How fal-awful?


Bill O'ReillyOne of the problems with the infotainment industry sector known as cable news is that it is, well, entertaining. Even when they’re not trying to be. To wit, during post-Irene coverage, a CNN anchor whose name escapes me, with a turd-under-the-nose blueblood sort of posture and delivery, was trying to cover first the people who were dumb enough to stay on outlying islands to the result that 2,500 of them are without road access to the mainland for perhaps two weeks. And then he tried to manage an interview with a woman who was among twenty-three stranded in a rural area of New York. The whole sequence was macabre.

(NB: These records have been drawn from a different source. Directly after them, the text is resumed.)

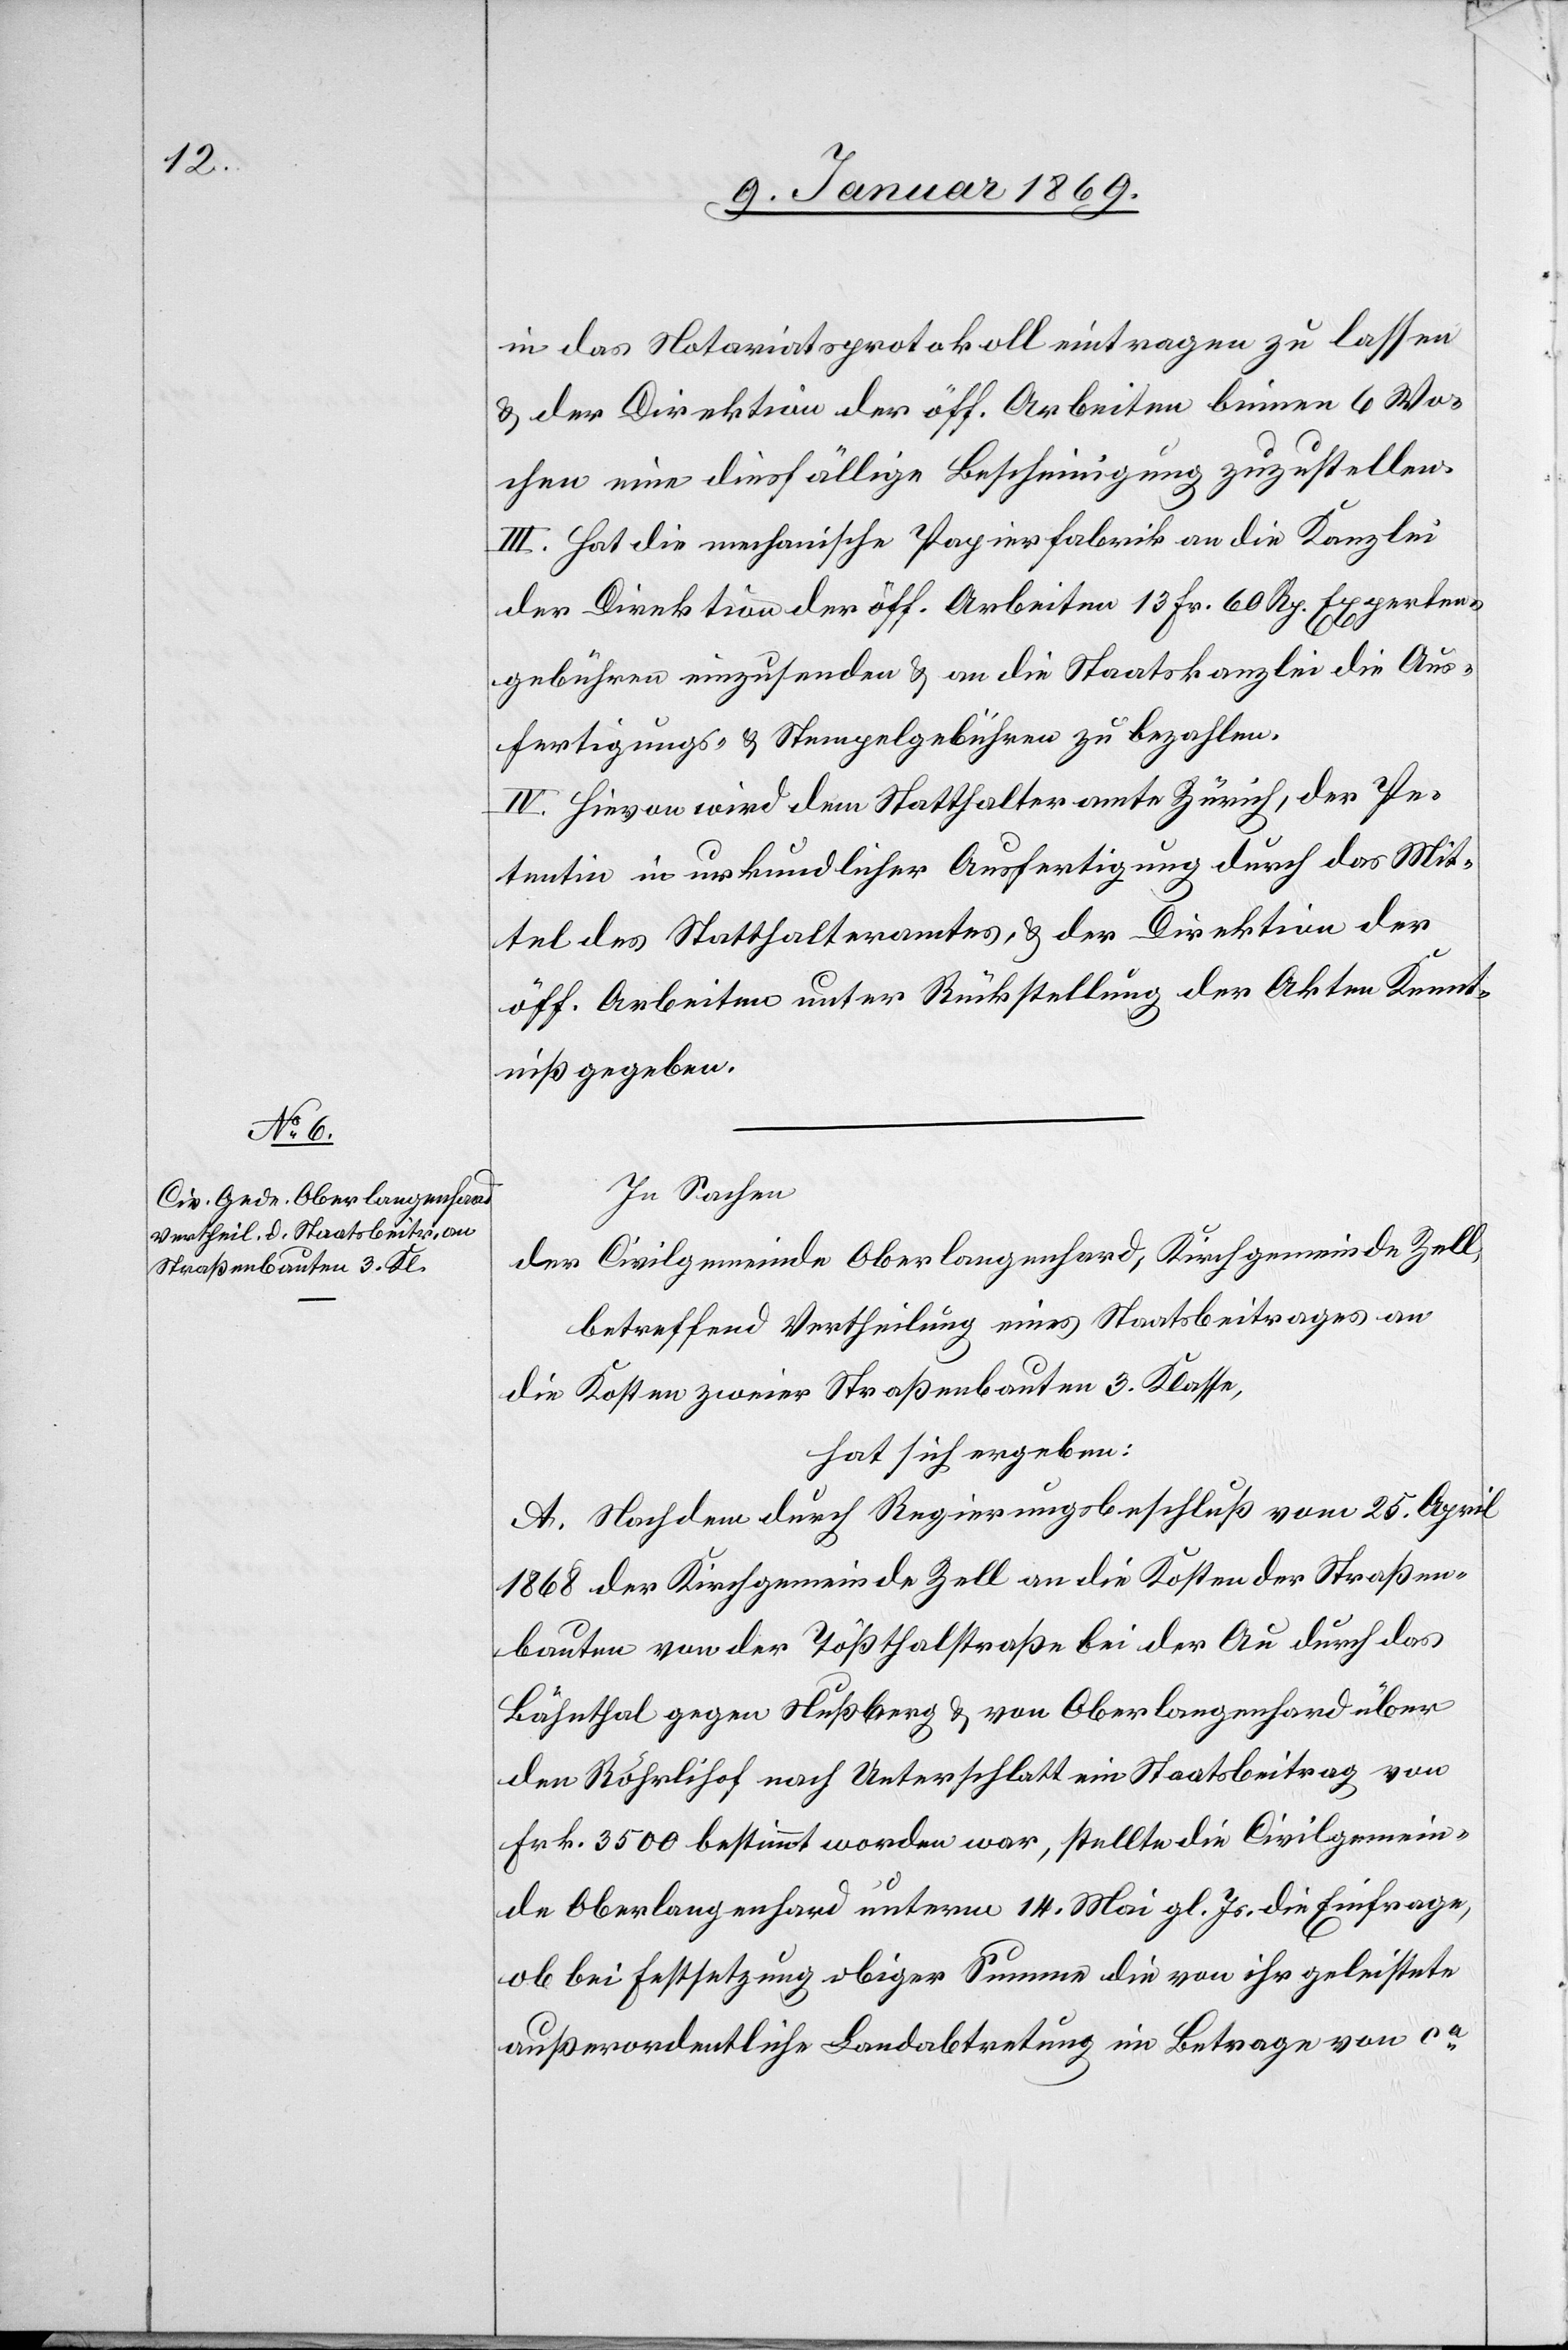
in das Notariatsprotokoll eintragen zu lassen
& der Direktion der öff. Arbeiten binnen 4 Wo¬
chen eine diesfällige Bescheinigung zuzustellen.
III. Hat die mechanische Papierfabrik an die Kanzlei
der Direktion der öff. Arbeiten 13 Fr. 60 Rp. Experten¬
gebühren einzusenden & an die Staatskanzlei die Aus¬
fertigungs- & Stempelgebühren zu bezahlen.
IV. Hievon wird dem Statthalteramte Zürich, der Pe¬
tentin in urkundlicher Ausfertigung durch das Mit¬
tel des Statthalteramtes, & der Direktion der
öff. Arbeiten unter Rückstellung der Akten Kennt¬
niß gegeben.
In Sachen
der Civilgemeinde Oberlangenhard, Kirchgemeinde Zell,
betreffend Vertheilung eines Staatsbeitrages an
die Kosten zweier Straßenbauten 3. Klasse,
hat sich ergeben:
A. Nachdem durch Regierungsbeschluß vom 25. April
1868 der Kirchgemeinde Zell an die Kosten der Straßen¬
bauten von der Tößthalstraße bei der Au durch das
Bähnthal gegen Nußberg & von Oberlangenhard über
den Röhrlihof nach Unterschlatt ein Staatsbeitrag von
Frk. 3500 bestimmt worden war, stellt die Civilgemein¬
de Oberlangenhard unterm 14. Mai gl. Js. die Einfrage,
ob bei Festsetzung obiger Summe die von ihr geleistete
außerordentliche Landabtretung im Betrage von ca

But then there are the deliberate entertainers, the punditry hosts who raised FOX News to dominance or transformed the inept MSNBC into a GOP fundraising bogeyman. The persistent, even seemingly teflon Keith Olbermann has landed on his feet at Al Gore’s network, Current, with a version of Countdown that sounds much the same, and only looks any different as a matter of budget. And yes, we know Keith is politically active and wears his bias on his sleeve. Yes, we know how conservatives loathe him. But it’s so much more fun when he tells the latest story of FOX News’ Bill O’Reilly, himself a lightning rod of such comedic scale that you can’t write this kind of fiction. Mr. O’Reilly topped yesterday’s “Worst Persons in the World” list, and Olbermann clearly enjoyed the hell out of explaining the logic behind that:

You may recall years ago before he was fired from his syndicated radio show, that a caller mentioned my name to O’Reilly and he responded by saying that the caller’s name would then be turned over to Fox security, and soon he’d be receiving a little visit from the police. You may also recall there was a little problem with Bill and one of his producers, and his phone calls to her about three-ways and loofahs, and improbably about falafels.

Today, the two topics merged into one. This is going to be easier if I just read the first paragraph directly. Shall I?

“Last summer, Fox News anchor Bill O’Reilly came to believe that his wife was romantically involved with another man. Not just any man, but a police detective in the Long Island community they call home. So, O’Reilly did what any concerned husband would do, he pulled strings to get the police department’s internal affairs unit to investigate one of their own for messing with the wrong man’s lady.”

Wait, Internal Affairs investigated Mrs. O’Reilly’s alleged internal affair?

Gawker has identified the Nassau County Internal Affairs Unit detective actually assigned to investigate Billo’s alleged cuckolder. “The source provided contemporaneous e-mail traffic to support his account. He told me, ‘You’ll never guess what happened to me the other day. Do you know Bill O’Reilly?’ I got called into my boss’ office saying they wanted me to meet with these two PIs”—that would be Private Investigators—”working for O’Reilly to go over some information because a detective was having an affair with O’Reilly’s wife.”

He’ll turn this over to Fox Security! He’ll be receiving a little visit from the local authorities!

“The investigation was highly sensitive for two reasons, the source said. One, it was ordered directly by then-police Commissioner Lawrence Mulvey, and, two, O’Reilly was at the time considering making a major donation to the Nassau County Police Department Foundation, a private, not-for-profit foundation Mulvey helped found in 2009 to raise money for construction of a planned $48 million police training facility at Nassau Community College. These internal affairs cops were on the case at the behest of Mulvey in order to get O’Reilly’s funds,” the source said.

Oh, great. So now it’s not trying to get the cops to get a cop to stop an alleged affair with Mrs. O’Reilly. It’s trying to get the cops to stop a cop to stop an alleged affair with Mrs. O’Reilly, in exchange for donations to the policemen’s charity. So where’s the evidence?

Unfortunately Gawker not only has records of Mrs. Billo buying her own house down the street from the family home, and being removed as a director of the O’Reilly Family Foundation, but the Nassau Police Commissioner kind of confirmed the investigation when he told them, “I don’t know if the investigation is ongoing or concluded,” Mulvey said, “so I wouldn’t comment.” You just did.